The BSL 2 House is a Gulf-side 2nd home in the historically designated area of Bay St. Louis. It is not only the client’s second home but it is the second design and second site for the house. The simple goals for the home are to create a small interior 3 bedroom 2 bath house, efficient in space and low on maintenance while maximizing the exterior spaces. The more complicated goals include designing a house that can be open when occupied and closed when not as it is 300’ from the Gulf of Mexico and must be secure from storms. For anyone who lives in hurricane prone areas, “boarding up the house” is an important part of storm preparation as it not only protects the home but also the neighbor’s. The clients, who live just far enough away and along the major evacuation routes to make “boarding up” even more difficult than it already is, requested that the house could be boarded up as part of the design. They did not want the off-the-shelf hurricane shutters, they wanted large pieces of glass, and they wanted the house to look inviting even when it was closed for a storm or when the owners were away. Couple these goals with the historic district requirements and the design challenge is set.
The resolution then became how to shutter the house not only at the scale of the windows, but also the doors, the large porch, and the small porch. The exterior of the house is detailed with large, galvanized, barn sliding door hardware from which the shutters hang. The shutters that close the house are constructed at the scale of the openings they protect (which means some are as large as walls) and materially are composed of a galvanized metal frame, stainless steel hardware, and stained treated lumber. These materials not only allow for the stability needed for such large shutters but also handle the salt of the Gulf air and the winds of a Gulf storm. They also, because they slide in tracks that almost completely ring the house, allow the house to be constantly changed. It can be closed (for storm or absence), it can be partially open (to block the sun or create privacy) or completely open and slid out of the way. This flexibility captures all the characteristics of a true working shutter and also makes them a major design feature of the house.

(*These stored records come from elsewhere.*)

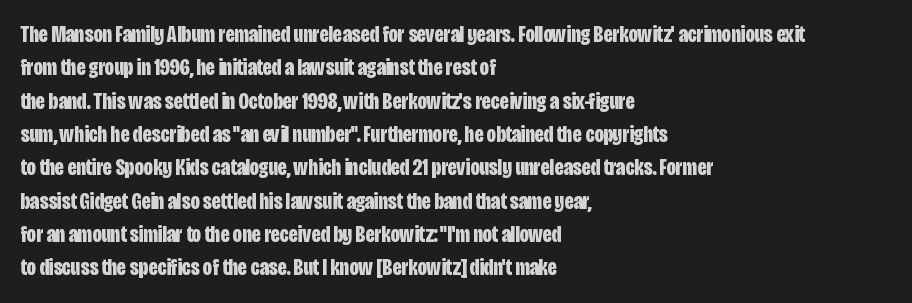
Q: Is the text bold? A: Yes.
Q: Is the text italic (slanted)? A: No, it is upright.
Q: Is the text underlined? A: No.
Q: How is the paragraph aligned? A: Left-aligned.
Q: Is the spacing between letters normal or unusually wide? A: Normal.
Q: Is the spacing between lines tight, normal or loose? A: Normal.
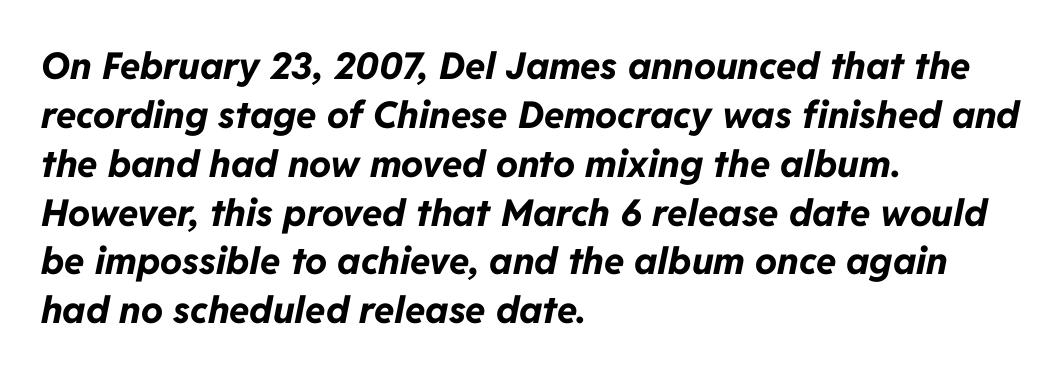
The image shows 37 px bold type, italic (leaning right); set left-aligned, normal line spacing (1.32x), normal letter spacing, not underlined; low stroke contrast and a medium x-height.
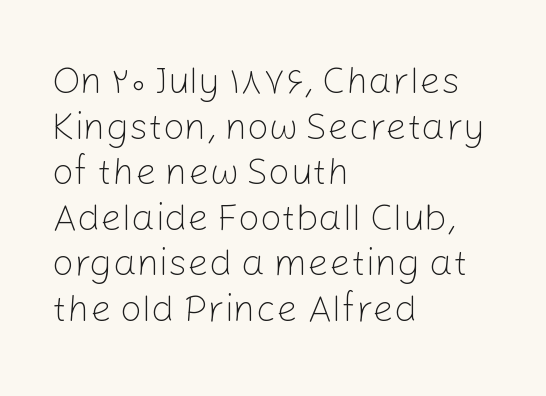
Q: Is the text bold? A: No.
Q: Is the text italic (slanted)? A: No, it is upright.
Q: Is the typeface a serif or a sans-serif typeface? A: Sans-serif.
Q: Is the text underlined? A: No.
Q: How is the paragraph aligned? A: Left-aligned.
Q: Is the spacing between letters normal or unusually wide? A: Normal.
Q: Width (condensed, normal, or wide)? A: Normal.
Q: Stroke contrast? A: Low.
Q: x-height? A: Medium.
Q: Monospaced? A: No.
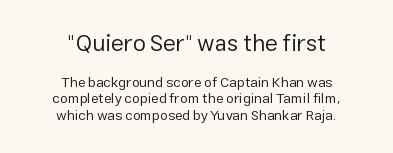
Q: Is the text bold? A: No.
Q: Is the text italic (slanted)? A: No, it is upright.
Q: Is the text underlined? A: No.
Q: How is the paragraph aligned? A: Centered.
Q: Is the spacing between letters normal or unusually wide? A: Normal.
Q: Which block of text is set in a larger size, the first (top) or the second (bottom)? A: The first (top) one.
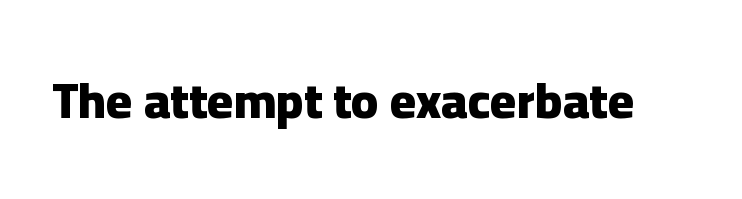
{"serif": "no", "italic": "no", "bold": "yes", "weight": "heavy", "width": "normal", "stroke_contrast": "low", "x_height": "medium", "monospaced": "no", "underline": "no", "letter_spacing": "normal", "letter_spacing_em": 0.0, "glyph_px": 50}
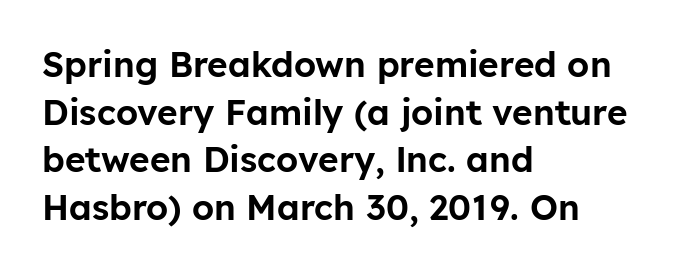
This rendering uses left alignment, leaving the right contour irregular. Varying glyph widths throughout — classic text-font behaviour. Students, note that the glyphs here touch the page at normal intervals. Designer's note — italics off, roman on. How would I describe the line gaps? Plain and ordinary. The strip under each line holds only bare page.
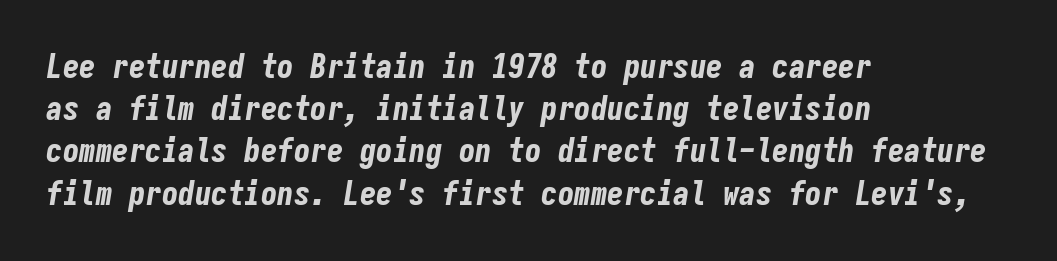
Q: Is the text bold? A: Yes.
Q: Is the text italic (slanted)? A: Yes, it leans right by about 9 degrees.
Q: Is the text underlined? A: No.
Q: How is the paragraph aligned? A: Left-aligned.
Q: Is the spacing between letters normal or unusually wide? A: Normal.
Q: Is the spacing between lines tight, normal or loose? A: Normal.
Q: Width (condensed, normal, or wide)? A: Condensed.
Q: Stroke contrast? A: Low.
Q: x-height? A: Medium.
Q: Monospaced? A: Yes.
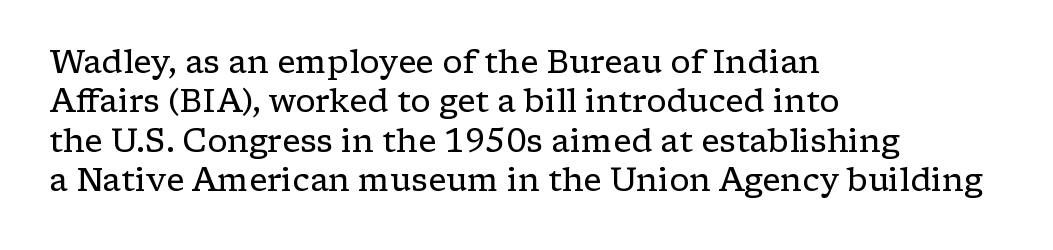
Q: Is the text bold? A: No.
Q: Is the text italic (slanted)? A: No, it is upright.
Q: Is the typeface a serif or a sans-serif typeface? A: Serif.
Q: Is the text underlined? A: No.
Q: How is the paragraph aligned? A: Left-aligned.
Q: Is the spacing between letters normal or unusually wide? A: Normal.
Q: Width (condensed, normal, or wide)? A: Wide.
Q: Stroke contrast? A: Low.
Q: x-height? A: Medium.
Q: Monospaced? A: No.
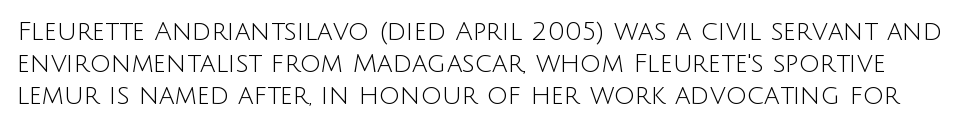
The image shows 26 px text type, upright; set line spacing 1.24x, normal letter spacing, not underlined.
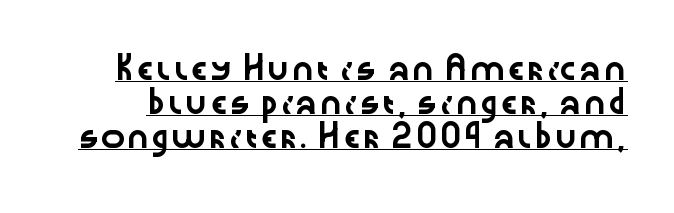
{"italic": "no", "underline": "yes", "line_spacing": "normal", "line_spacing_ratio": 1.61, "letter_spacing": "normal", "letter_spacing_em": 0.0, "glyph_px": 21}
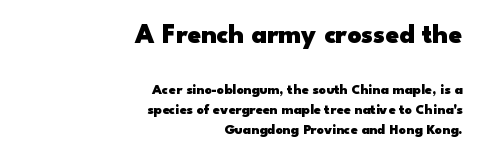
{"italic": "no", "bold": "yes", "underline": "no", "align": "right", "line_spacing": "normal", "line_spacing_ratio": 1.43, "letter_spacing": "normal", "letter_spacing_em": 0.0, "larger_block": "first", "size_ratio": 1.93, "glyph_px": 27}

The interior of the house is designed to capture the exterior space of the porches and match the vacation living activities. The bedrooms are small and private and in a dark space for sleeping late as the owner likes to do when vacationing. The main living space connects to the main large porch as one continuous room through a series of sliding glass doors and large glass transoms. When open the exterior living and interior living become one, when closed they visually act as one. The kitchen, dining and living areas (interior and exterior) are all combined to facilitate family gatherings, game nights, feasts, and lying about. On the front porch, a fixed ladder provides access to the kid’s loft which runs from end to end, directly centered over the main floor. The 10’ by 10’ by 62’ loft space is constructed with box truss framing which not only provided for the loft, but also the open floor plan in the main living area and the exposed framing in the porch and living area ceilings. This unique ceiling feature works to join the inside and the outside and is accent lighted. Another feature of the loft framed in the truss is that it allows the children to look down over the rail wall to the exterior porch. This design feature also helps circulate the air on the porch and throughout the loft by creating a draft flow from the porch floor up through the loft and out through the end wall windows.
The rear porch is designed for the beach activities. It is the first space the owner meets when returning from a swim or kayak. Thusly it houses the outdoor shower, the beach stuff closet (hidden behind another more solid sliding wall,) the hooks and rails to hang wet towels, and of course the area to take off sandy footwear. As with the rest of the house, it can be closed off with shutters when the owner is away or a storm is coming.